Below are the records; copy out every line that holds the word "lines".

Excerpted data:

=== Section Start ===

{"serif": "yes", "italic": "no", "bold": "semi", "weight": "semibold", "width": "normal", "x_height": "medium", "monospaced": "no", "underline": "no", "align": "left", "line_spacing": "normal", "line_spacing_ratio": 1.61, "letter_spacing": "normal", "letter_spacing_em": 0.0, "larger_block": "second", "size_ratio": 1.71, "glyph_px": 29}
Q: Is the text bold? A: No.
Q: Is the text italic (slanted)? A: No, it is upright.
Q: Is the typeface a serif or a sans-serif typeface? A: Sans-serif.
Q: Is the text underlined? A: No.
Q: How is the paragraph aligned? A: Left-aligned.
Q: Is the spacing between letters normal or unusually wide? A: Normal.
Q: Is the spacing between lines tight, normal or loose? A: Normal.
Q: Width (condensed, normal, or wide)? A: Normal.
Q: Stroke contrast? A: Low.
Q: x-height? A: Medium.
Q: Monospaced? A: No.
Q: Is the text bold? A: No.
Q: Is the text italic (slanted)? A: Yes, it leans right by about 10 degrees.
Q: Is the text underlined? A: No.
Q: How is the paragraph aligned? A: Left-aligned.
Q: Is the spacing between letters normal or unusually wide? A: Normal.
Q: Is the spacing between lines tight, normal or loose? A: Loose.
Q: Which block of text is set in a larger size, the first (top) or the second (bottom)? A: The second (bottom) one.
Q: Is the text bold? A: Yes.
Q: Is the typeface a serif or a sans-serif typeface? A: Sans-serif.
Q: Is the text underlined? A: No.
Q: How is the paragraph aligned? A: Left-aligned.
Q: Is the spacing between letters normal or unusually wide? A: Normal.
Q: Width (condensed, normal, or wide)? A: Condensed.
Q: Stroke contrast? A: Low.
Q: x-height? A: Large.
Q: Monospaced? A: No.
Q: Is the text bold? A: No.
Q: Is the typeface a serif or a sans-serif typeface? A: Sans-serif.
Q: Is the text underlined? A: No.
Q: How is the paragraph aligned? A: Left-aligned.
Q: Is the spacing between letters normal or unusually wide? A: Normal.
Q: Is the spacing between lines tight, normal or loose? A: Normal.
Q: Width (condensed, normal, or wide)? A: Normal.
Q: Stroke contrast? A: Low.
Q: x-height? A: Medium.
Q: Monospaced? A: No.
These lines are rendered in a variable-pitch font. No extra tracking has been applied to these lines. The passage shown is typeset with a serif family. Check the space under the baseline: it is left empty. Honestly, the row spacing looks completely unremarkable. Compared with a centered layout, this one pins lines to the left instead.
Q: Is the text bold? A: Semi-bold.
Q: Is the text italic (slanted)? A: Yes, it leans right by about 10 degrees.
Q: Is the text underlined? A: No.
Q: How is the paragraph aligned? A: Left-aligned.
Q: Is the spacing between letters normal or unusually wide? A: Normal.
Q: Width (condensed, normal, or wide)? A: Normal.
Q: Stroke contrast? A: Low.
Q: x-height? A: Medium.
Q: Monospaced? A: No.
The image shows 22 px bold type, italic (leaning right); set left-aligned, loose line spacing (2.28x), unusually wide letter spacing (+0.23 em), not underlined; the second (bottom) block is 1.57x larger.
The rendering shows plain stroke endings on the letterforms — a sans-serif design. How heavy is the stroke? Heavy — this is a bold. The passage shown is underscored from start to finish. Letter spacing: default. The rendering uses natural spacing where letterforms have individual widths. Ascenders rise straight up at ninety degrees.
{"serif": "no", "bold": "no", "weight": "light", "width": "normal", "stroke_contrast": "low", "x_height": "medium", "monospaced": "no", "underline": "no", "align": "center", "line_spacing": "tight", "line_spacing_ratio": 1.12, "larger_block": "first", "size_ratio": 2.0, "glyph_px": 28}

=== Section End ===

Task answer:
Q: Is the spacing between lines tight, normal or loose? A: Normal.
Q: Is the spacing between lines tight, normal or loose? A: Loose.
Q: Is the spacing between lines tight, normal or loose? A: Normal.
These lines are rendered in a variable-pitch font. No extra tracking has been applied to these lines. The passage shown is typeset with a serif family. Check the space under the baseline: it is left empty. Honestly, the row spacing looks completely unremarkable. Compared with a centered layout, this one pins lines to the left instead.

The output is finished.